Data extracted from a collection
● ● ● ● ● ● ●

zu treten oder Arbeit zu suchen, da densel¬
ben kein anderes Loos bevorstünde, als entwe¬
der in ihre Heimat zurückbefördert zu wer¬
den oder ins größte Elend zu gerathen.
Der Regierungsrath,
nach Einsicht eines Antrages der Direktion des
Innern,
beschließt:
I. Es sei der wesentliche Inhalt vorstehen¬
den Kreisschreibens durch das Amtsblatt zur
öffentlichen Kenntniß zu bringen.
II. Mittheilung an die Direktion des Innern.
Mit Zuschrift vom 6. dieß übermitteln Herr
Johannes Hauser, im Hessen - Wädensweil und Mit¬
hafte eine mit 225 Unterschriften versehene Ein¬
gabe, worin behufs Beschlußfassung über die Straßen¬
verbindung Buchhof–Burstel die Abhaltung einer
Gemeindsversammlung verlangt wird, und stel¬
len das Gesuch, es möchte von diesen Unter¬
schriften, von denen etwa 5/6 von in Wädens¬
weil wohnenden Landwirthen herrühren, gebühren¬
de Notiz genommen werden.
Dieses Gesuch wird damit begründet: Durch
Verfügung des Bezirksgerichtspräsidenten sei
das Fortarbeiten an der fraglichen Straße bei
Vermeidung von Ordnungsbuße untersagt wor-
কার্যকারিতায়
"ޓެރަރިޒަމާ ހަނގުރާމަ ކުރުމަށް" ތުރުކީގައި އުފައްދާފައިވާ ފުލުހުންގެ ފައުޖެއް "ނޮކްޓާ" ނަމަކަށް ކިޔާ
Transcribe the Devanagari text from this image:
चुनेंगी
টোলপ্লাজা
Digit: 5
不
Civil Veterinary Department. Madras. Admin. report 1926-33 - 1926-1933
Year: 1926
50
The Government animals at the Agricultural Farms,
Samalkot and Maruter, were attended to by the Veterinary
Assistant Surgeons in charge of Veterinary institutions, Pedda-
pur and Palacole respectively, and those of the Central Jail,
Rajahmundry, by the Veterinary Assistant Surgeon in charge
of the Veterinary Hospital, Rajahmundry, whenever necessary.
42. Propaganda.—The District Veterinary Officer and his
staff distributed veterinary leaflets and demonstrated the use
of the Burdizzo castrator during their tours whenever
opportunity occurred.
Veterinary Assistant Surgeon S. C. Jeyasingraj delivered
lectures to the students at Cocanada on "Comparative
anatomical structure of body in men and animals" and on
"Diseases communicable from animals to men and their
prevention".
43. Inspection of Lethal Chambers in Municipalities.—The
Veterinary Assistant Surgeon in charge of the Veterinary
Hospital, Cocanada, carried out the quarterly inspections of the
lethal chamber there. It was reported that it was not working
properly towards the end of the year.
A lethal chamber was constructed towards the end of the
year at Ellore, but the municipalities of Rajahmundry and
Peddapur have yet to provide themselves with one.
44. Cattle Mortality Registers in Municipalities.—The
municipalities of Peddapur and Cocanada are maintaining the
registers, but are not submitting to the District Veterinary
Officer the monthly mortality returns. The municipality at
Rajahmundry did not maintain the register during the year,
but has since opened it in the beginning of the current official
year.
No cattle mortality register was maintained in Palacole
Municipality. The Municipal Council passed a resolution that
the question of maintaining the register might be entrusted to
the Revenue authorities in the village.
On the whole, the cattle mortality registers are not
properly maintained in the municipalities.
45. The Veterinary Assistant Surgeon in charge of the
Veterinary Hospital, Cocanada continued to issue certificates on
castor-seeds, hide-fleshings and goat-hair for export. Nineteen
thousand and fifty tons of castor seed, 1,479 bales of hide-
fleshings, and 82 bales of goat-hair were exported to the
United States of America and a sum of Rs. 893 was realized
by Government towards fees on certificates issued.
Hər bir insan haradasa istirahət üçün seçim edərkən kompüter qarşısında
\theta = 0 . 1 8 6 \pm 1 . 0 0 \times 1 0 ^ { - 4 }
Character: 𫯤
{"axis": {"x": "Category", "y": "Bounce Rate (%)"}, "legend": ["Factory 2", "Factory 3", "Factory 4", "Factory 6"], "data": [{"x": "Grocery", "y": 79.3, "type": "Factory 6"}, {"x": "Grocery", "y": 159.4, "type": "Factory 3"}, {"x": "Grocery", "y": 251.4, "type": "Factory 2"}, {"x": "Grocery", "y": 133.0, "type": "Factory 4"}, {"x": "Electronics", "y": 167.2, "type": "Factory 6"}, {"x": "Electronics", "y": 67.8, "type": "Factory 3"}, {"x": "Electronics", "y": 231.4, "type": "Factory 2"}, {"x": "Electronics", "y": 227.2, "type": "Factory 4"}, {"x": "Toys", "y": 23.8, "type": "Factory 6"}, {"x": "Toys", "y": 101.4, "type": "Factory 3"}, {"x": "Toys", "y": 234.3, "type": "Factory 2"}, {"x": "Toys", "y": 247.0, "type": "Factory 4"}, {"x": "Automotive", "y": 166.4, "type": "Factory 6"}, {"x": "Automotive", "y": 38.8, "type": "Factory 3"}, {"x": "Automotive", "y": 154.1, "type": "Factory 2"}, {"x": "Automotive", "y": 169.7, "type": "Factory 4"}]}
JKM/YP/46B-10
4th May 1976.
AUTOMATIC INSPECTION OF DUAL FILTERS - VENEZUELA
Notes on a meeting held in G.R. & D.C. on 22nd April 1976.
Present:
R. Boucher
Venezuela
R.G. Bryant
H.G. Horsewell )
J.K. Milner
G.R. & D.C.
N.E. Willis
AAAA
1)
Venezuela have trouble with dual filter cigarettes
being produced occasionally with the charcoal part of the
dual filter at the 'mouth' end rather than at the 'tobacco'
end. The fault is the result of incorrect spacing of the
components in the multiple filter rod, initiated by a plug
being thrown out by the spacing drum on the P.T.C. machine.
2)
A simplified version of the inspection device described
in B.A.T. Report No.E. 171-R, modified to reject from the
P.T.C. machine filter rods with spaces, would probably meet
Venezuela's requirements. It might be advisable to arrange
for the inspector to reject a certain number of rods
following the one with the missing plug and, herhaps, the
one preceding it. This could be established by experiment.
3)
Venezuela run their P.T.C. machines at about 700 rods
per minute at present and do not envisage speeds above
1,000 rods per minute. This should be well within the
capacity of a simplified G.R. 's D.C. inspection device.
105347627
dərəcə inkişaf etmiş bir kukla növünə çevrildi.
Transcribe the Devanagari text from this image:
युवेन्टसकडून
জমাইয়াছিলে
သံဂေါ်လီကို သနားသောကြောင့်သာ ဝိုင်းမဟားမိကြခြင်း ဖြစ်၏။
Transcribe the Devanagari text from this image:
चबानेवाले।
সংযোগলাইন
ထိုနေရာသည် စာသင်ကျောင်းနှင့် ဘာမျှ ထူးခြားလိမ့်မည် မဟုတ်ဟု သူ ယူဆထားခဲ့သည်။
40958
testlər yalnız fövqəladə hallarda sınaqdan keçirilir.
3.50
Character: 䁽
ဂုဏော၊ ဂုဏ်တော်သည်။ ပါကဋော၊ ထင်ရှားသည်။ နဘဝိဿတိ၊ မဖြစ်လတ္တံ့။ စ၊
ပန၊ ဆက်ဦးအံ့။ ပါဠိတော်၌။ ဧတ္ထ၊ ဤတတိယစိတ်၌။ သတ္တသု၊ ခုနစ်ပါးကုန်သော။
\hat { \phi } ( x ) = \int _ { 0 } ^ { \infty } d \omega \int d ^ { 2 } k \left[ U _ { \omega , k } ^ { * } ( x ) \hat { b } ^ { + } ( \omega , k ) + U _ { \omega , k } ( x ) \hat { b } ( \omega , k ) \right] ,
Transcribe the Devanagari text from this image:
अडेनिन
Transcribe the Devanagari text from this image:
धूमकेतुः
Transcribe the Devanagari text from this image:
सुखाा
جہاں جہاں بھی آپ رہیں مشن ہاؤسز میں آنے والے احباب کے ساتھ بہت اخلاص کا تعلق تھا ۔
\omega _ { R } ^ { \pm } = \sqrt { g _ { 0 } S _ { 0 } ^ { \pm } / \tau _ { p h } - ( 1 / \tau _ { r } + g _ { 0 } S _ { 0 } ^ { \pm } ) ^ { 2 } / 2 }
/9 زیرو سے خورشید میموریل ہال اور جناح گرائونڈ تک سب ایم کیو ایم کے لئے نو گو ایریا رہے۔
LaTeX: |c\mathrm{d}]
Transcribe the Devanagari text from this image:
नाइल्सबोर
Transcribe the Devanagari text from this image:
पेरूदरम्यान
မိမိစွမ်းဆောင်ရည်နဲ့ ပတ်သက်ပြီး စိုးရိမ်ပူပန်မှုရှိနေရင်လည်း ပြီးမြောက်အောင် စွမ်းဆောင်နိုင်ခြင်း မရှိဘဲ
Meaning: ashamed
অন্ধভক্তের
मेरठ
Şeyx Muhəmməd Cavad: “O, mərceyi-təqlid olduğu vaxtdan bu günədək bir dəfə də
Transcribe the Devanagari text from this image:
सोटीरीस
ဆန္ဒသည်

● ● ● ● ● ● ●

## [Exercise brief]
Of all the lines above, count the ones that include the string "charge" and give the number alone.

## [The answer]
4